### EXERCISE GOAL
Below are several entries. Transcribe exactly those lines that fall from the one with "226.273L246.835 214.207H249.825L255.674 226.273H252.497L247.713" through the one with "226.273V214.207H188.647C189.818 214.207 190.827", end lines included.

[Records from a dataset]

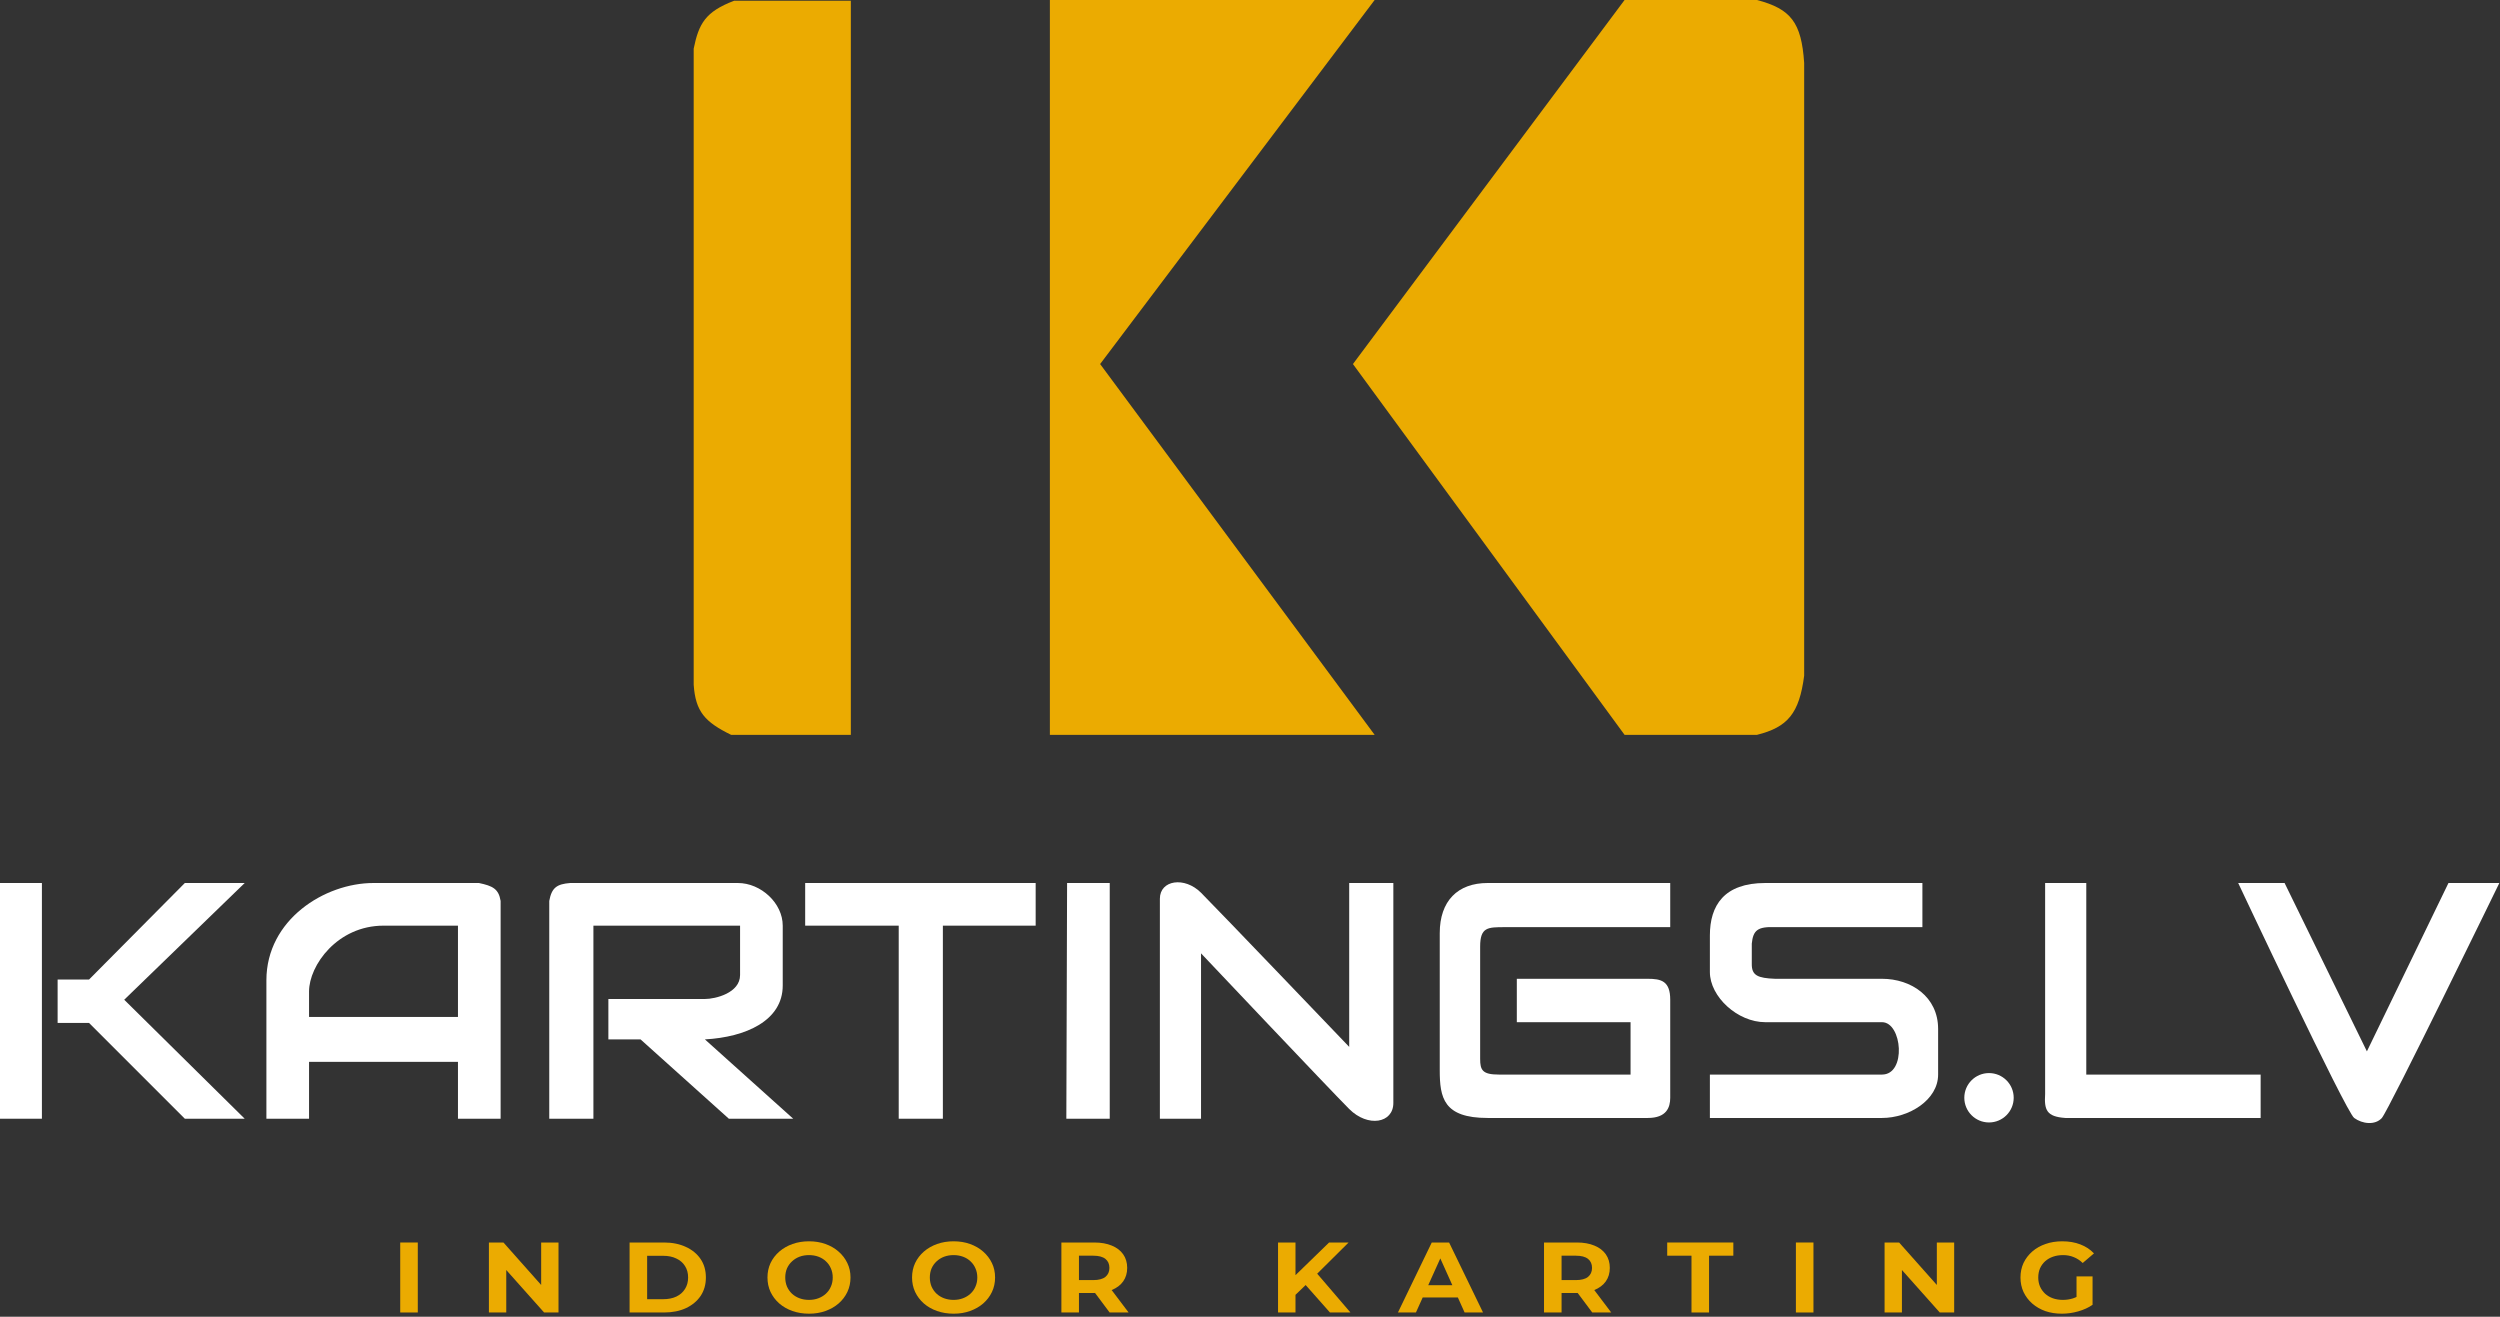 <svg width="431" height="227" viewBox="0 0 431 227" fill="none" xmlns="http://www.w3.org/2000/svg">
<rect x="0" y="0" width="431" height="227" fill="#333333" stroke="none"/>
<path d="M180.998 126.686V0H236.988L189.662 62.761L236.988 126.686H180.998Z" fill="#EBAB01"/>
<path d="M280.076 0L233.246 62.761L280.076 126.686H302.911C308.204 125.355 310.189 123.001 311.038 116.494V10.837C310.568 3.877 308.759 1.544 302.911 0H280.076Z" fill="#EBAB01"/>
<path d="M146.684 126.686V0.129H126.558C121.591 2.027 120.474 4.079 119.592 8.385V118.043C119.909 122.689 121.52 124.468 126.042 126.686H146.684Z" fill="#EBAB01"/>
<path d="M7.224 152.23H0V192.868H7.224V152.23Z" fill="white"/>
<path d="M9.934 176.354V168.872H15.352L31.865 152.23H42.186L21.415 172.355L42.186 192.868H31.865L15.352 176.354H9.934Z" fill="white"/>
<path d="M53.28 192.868H45.927V169.001C45.927 158.551 55.99 152.23 64.375 152.23H82.565C84.931 152.727 85.968 153.234 86.307 155.326V192.868H78.953V182.676V159.583H66.117C58.183 159.583 53.28 166.42 53.28 170.936V175.451V192.868Z" fill="white"/>
<path d="M94.692 192.868H102.304V159.583H127.589V168.097C127.589 171.194 123.332 172.226 121.526 172.226H104.884V179.192H110.431L125.654 192.868H136.749L121.526 179.192C128.585 178.799 134.943 175.967 134.943 169.904V159.583C134.943 155.713 131.201 152.23 127.202 152.23H98.304C95.994 152.416 95.111 153.027 94.692 155.326V192.868Z" fill="white"/>
<path d="M154.939 192.868H162.55V159.583H178.548V152.23H138.813V159.583H154.939V192.868Z" fill="white"/>
<path d="M191.319 152.23H183.966L183.837 192.868H191.319V152.23Z" fill="white"/>
<path d="M199.963 192.868H207.058V164.356C207.058 164.356 229.377 187.965 232.602 191.19C235.827 194.415 240.213 193.641 240.213 190.158V152.23H232.602V180.482C232.602 180.482 209.897 156.745 207.058 153.907C204.22 151.068 199.963 151.713 199.963 154.939V192.868Z" fill="white"/>
<path d="M287.947 159.841V152.23H256.469C251.308 152.23 248.212 155.326 248.212 160.873V184.482C248.212 189.255 248.857 192.738 256.469 192.738H284.076C287.302 192.738 287.947 190.932 287.947 189.255V172.355C287.947 169.13 286.398 168.743 284.076 168.743H261.5V176.225H281.109V185.256H258.404C255.565 185.256 255.178 184.482 255.178 182.546V163.195C255.178 159.841 256.469 159.841 259.436 159.841H287.947Z" fill="white"/>
<path d="M331.422 159.841V152.23H304.331C297.235 152.23 294.784 156.1 294.784 161.26V167.581C294.784 171.839 299.557 176.225 304.331 176.225H324.456C327.939 176.225 328.713 185.256 324.456 185.256H294.784V192.738H324.456C329.1 192.738 334.132 189.642 334.132 185.256V177.386C334.132 171.839 329.487 168.743 324.456 168.743H306.008C303.041 168.624 301.975 168.178 302.008 166.162V162.679C302.233 160.381 303.021 159.721 306.008 159.841H331.422Z" fill="white"/>
<path d="M359.675 152.23H352.58V188.61C352.412 191.331 352.794 192.513 356.063 192.738H389.734V185.256H359.675V152.23Z" fill="white"/>
<path d="M393.862 152.23H385.864C385.864 152.23 404.441 191.706 405.86 192.738C407.279 193.77 409.472 194.028 410.633 192.738C411.795 191.448 430.888 152.23 430.888 152.23H422.115L408.053 181.256L393.862 152.23Z" fill="white"/>
<path d="M79.082 175.322H53.151H52.377V183.063H79.082V175.322Z" fill="white"/>
<circle cx="342.904" cy="189.255" r="4.257" fill="white"/>
<path d="M355.469 226.48C354.435 226.48 353.482 226.331 352.61 226.032C351.75 225.722 350.996 225.285 350.348 224.722C349.713 224.159 349.215 223.498 348.853 222.739C348.504 221.981 348.33 221.148 348.33 220.24C348.33 219.332 348.504 218.499 348.853 217.741C349.215 216.982 349.719 216.321 350.367 215.758C351.015 215.195 351.775 214.764 352.647 214.465C353.519 214.155 354.478 214 355.525 214C356.684 214 357.724 214.178 358.646 214.534C359.58 214.891 360.365 215.408 361 216.086L359.057 217.741C358.584 217.281 358.066 216.942 357.506 216.724C356.945 216.494 356.335 216.379 355.674 216.379C355.039 216.379 354.46 216.471 353.936 216.655C353.413 216.838 352.958 217.103 352.572 217.448C352.198 217.792 351.906 218.2 351.694 218.671C351.495 219.143 351.395 219.665 351.395 220.24C351.395 220.803 351.495 221.32 351.694 221.791C351.906 222.263 352.198 222.676 352.572 223.032C352.958 223.377 353.407 223.642 353.918 223.825C354.441 224.009 355.014 224.101 355.637 224.101C356.235 224.101 356.814 224.015 357.375 223.843C357.948 223.659 358.503 223.354 359.038 222.929L360.758 224.946C360.047 225.44 359.219 225.819 358.272 226.084C357.338 226.348 356.403 226.48 355.469 226.48ZM357.992 224.584V220.05H360.758V224.946L357.992 224.584Z" fill="#EBAB01"/>
<path d="M324.902 226.273V214.207H327.407L335.125 222.895H333.91V214.207H336.9V226.273H334.414L326.678 217.586H327.892V226.273H324.902Z" fill="#EBAB01"/>
<path d="M309.613 226.273V214.207H312.641V226.273H309.613Z" fill="#EBAB01"/>
<path d="M291.614 226.273V216.482H287.428V214.207H298.827V216.482H294.641V226.273H291.614Z" fill="#EBAB01"/>
<path d="M266.188 226.273V214.207H271.85C273.021 214.207 274.03 214.385 274.877 214.741C275.725 215.086 276.379 215.586 276.84 216.241C277.301 216.896 277.531 217.678 277.531 218.585C277.531 219.482 277.301 220.257 276.84 220.912C276.379 221.556 275.725 222.05 274.877 222.395C274.03 222.74 273.021 222.912 271.85 222.912H267.869L269.215 221.688V226.273H266.188ZM274.504 226.273L271.233 221.895H274.466L277.774 226.273H274.504ZM269.215 221.998L267.869 220.688H271.682C272.616 220.688 273.314 220.504 273.775 220.137C274.236 219.758 274.466 219.24 274.466 218.585C274.466 217.919 274.236 217.402 273.775 217.034C273.314 216.666 272.616 216.482 271.682 216.482H267.869L269.215 215.155V221.998Z" fill="#EBAB01"/>
<path d="M241.004 226.273L246.835 214.207H249.825L255.674 226.273H252.497L247.713 215.621H248.909L244.106 226.273H241.004ZM243.919 223.688L244.723 221.567H251.45L252.273 223.688H243.919Z" fill="#EBAB01"/>
<path d="M223.044 223.515L222.876 220.292L229.136 214.207H232.5L226.856 219.809L225.174 221.464L223.044 223.515ZM220.334 226.273V214.207H223.343V226.273H220.334ZM229.285 226.273L224.632 221.016L226.613 219.034L232.817 226.273H229.285Z" fill="#EBAB01"/>
<path d="M182.984 226.273V214.207H188.647C189.818 214.207 190.827 214.385 191.674 214.741C192.521 215.086 193.176 215.586 193.636 216.241C194.097 216.896 194.328 217.678 194.328 218.585C194.328 219.482 194.097 220.257 193.636 220.912C193.176 221.556 192.521 222.05 191.674 222.395C190.827 222.74 189.818 222.912 188.647 222.912H184.666L186.012 221.688V226.273H182.984ZM191.3 226.273L188.03 221.895H191.263L194.571 226.273H191.3ZM186.012 221.998L184.666 220.688H188.479C189.413 220.688 190.111 220.504 190.572 220.137C191.033 219.758 191.263 219.24 191.263 218.585C191.263 217.919 191.033 217.402 190.572 217.034C190.111 216.666 189.413 216.482 188.479 216.482H184.666L186.012 215.155V221.998Z" fill="#EBAB01"/>
<path d="M164.414 226.48C163.38 226.48 162.421 226.325 161.536 226.015C160.664 225.704 159.904 225.268 159.257 224.705C158.621 224.141 158.123 223.481 157.762 222.722C157.413 221.964 157.238 221.136 157.238 220.24C157.238 219.344 157.413 218.516 157.762 217.758C158.123 216.999 158.627 216.339 159.275 215.775C159.923 215.212 160.683 214.776 161.555 214.465C162.427 214.155 163.374 214 164.396 214C165.43 214 166.377 214.155 167.236 214.465C168.108 214.776 168.862 215.212 169.498 215.775C170.145 216.339 170.65 216.999 171.011 217.758C171.373 218.505 171.553 219.332 171.553 220.24C171.553 221.136 171.373 221.97 171.011 222.739C170.65 223.498 170.145 224.159 169.498 224.722C168.862 225.273 168.108 225.704 167.236 226.015C166.377 226.325 165.436 226.48 164.414 226.48ZM164.396 224.101C164.981 224.101 165.517 224.009 166.003 223.825C166.501 223.642 166.937 223.377 167.311 223.032C167.685 222.688 167.971 222.28 168.171 221.809C168.383 221.337 168.488 220.815 168.488 220.24C168.488 219.665 168.383 219.143 168.171 218.671C167.971 218.2 167.685 217.792 167.311 217.448C166.95 217.103 166.52 216.838 166.022 216.655C165.523 216.471 164.981 216.379 164.396 216.379C163.81 216.379 163.268 216.471 162.77 216.655C162.284 216.838 161.854 217.103 161.48 217.448C161.107 217.792 160.814 218.2 160.602 218.671C160.403 219.143 160.303 219.665 160.303 220.24C160.303 220.803 160.403 221.326 160.602 221.809C160.814 222.28 161.1 222.688 161.462 223.032C161.836 223.377 162.272 223.642 162.77 223.825C163.268 224.009 163.81 224.101 164.396 224.101Z" fill="#EBAB01"/>
<path d="M139.489 226.48C138.455 226.48 137.495 226.325 136.611 226.015C135.739 225.704 134.979 225.268 134.331 224.705C133.695 224.141 133.197 223.481 132.836 222.722C132.487 221.964 132.312 221.136 132.312 220.24C132.312 219.344 132.487 218.516 132.836 217.758C133.197 216.999 133.702 216.339 134.349 215.775C134.997 215.212 135.757 214.776 136.629 214.465C137.502 214.155 138.448 214 139.47 214C140.504 214 141.451 214.155 142.311 214.465C143.183 214.776 143.936 215.212 144.572 215.775C145.22 216.339 145.724 216.999 146.085 217.758C146.447 218.505 146.627 219.332 146.627 220.24C146.627 221.136 146.447 221.97 146.085 222.739C145.724 223.498 145.22 224.159 144.572 224.722C143.936 225.273 143.183 225.704 142.311 226.015C141.451 226.325 140.51 226.48 139.489 226.48ZM139.47 224.101C140.056 224.101 140.591 224.009 141.077 223.825C141.575 223.642 142.012 223.377 142.385 223.032C142.759 222.688 143.046 222.28 143.245 221.809C143.457 221.337 143.563 220.815 143.563 220.24C143.563 219.665 143.457 219.143 143.245 218.671C143.046 218.2 142.759 217.792 142.385 217.448C142.024 217.103 141.594 216.838 141.096 216.655C140.597 216.471 140.056 216.379 139.47 216.379C138.884 216.379 138.342 216.471 137.844 216.655C137.358 216.838 136.928 217.103 136.555 217.448C136.181 217.792 135.888 218.2 135.676 218.671C135.477 219.143 135.377 219.665 135.377 220.24C135.377 220.803 135.477 221.326 135.676 221.809C135.888 222.28 136.175 222.688 136.536 223.032C136.91 223.377 137.346 223.642 137.844 223.825C138.342 224.009 138.884 224.101 139.47 224.101Z" fill="#EBAB01"/>
<path d="M108.539 226.273V214.207H114.482C115.902 214.207 117.154 214.46 118.238 214.965C119.322 215.46 120.169 216.155 120.78 217.051C121.39 217.948 121.695 219.011 121.695 220.24C121.695 221.458 121.39 222.521 120.78 223.429C120.169 224.325 119.322 225.026 118.238 225.532C117.154 226.026 115.902 226.273 114.482 226.273H108.539ZM111.567 223.981H114.332C115.204 223.981 115.958 223.831 116.594 223.533C117.241 223.222 117.74 222.786 118.089 222.223C118.45 221.659 118.631 220.999 118.631 220.24C118.631 219.47 118.45 218.809 118.089 218.258C117.74 217.695 117.241 217.264 116.594 216.965C115.958 216.655 115.204 216.5 114.332 216.5H111.567V223.981Z" fill="#EBAB01"/>
<path d="M84.289 226.273V214.207H86.793L94.511 222.895H93.297V214.207H96.287V226.273H93.801L86.064 217.586H87.279V226.273H84.289Z" fill="#EBAB01"/>
<path d="M69 226.273V214.207H72.027V226.273H69Z" fill="#EBAB01"/>
</svg>

### OUTPUT
<path d="M241.004 226.273L246.835 214.207H249.825L255.674 226.273H252.497L247.713 215.621H248.909L244.106 226.273H241.004ZM243.919 223.688L244.723 221.567H251.45L252.273 223.688H243.919Z" fill="#EBAB01"/>
<path d="M223.044 223.515L222.876 220.292L229.136 214.207H232.5L226.856 219.809L225.174 221.464L223.044 223.515ZM220.334 226.273V214.207H223.343V226.273H220.334ZM229.285 226.273L224.632 221.016L226.613 219.034L232.817 226.273H229.285Z" fill="#EBAB01"/>
<path d="M182.984 226.273V214.207H188.647C189.818 214.207 190.827 214.385 191.674 214.741C192.521 215.086 193.176 215.586 193.636 216.241C194.097 216.896 194.328 217.678 194.328 218.585C194.328 219.482 194.097 220.257 193.636 220.912C193.176 221.556 192.521 222.05 191.674 222.395C190.827 222.74 189.818 222.912 188.647 222.912H184.666L186.012 221.688V226.273H182.984ZM191.3 226.273L188.03 221.895H191.263L194.571 226.273H191.3ZM186.012 221.998L184.666 220.688H188.479C189.413 220.688 190.111 220.504 190.572 220.137C191.033 219.758 191.263 219.24 191.263 218.585C191.263 217.919 191.033 217.402 190.572 217.034C190.111 216.666 189.413 216.482 188.479 216.482H184.666L186.012 215.155V221.998Z" fill="#EBAB01"/>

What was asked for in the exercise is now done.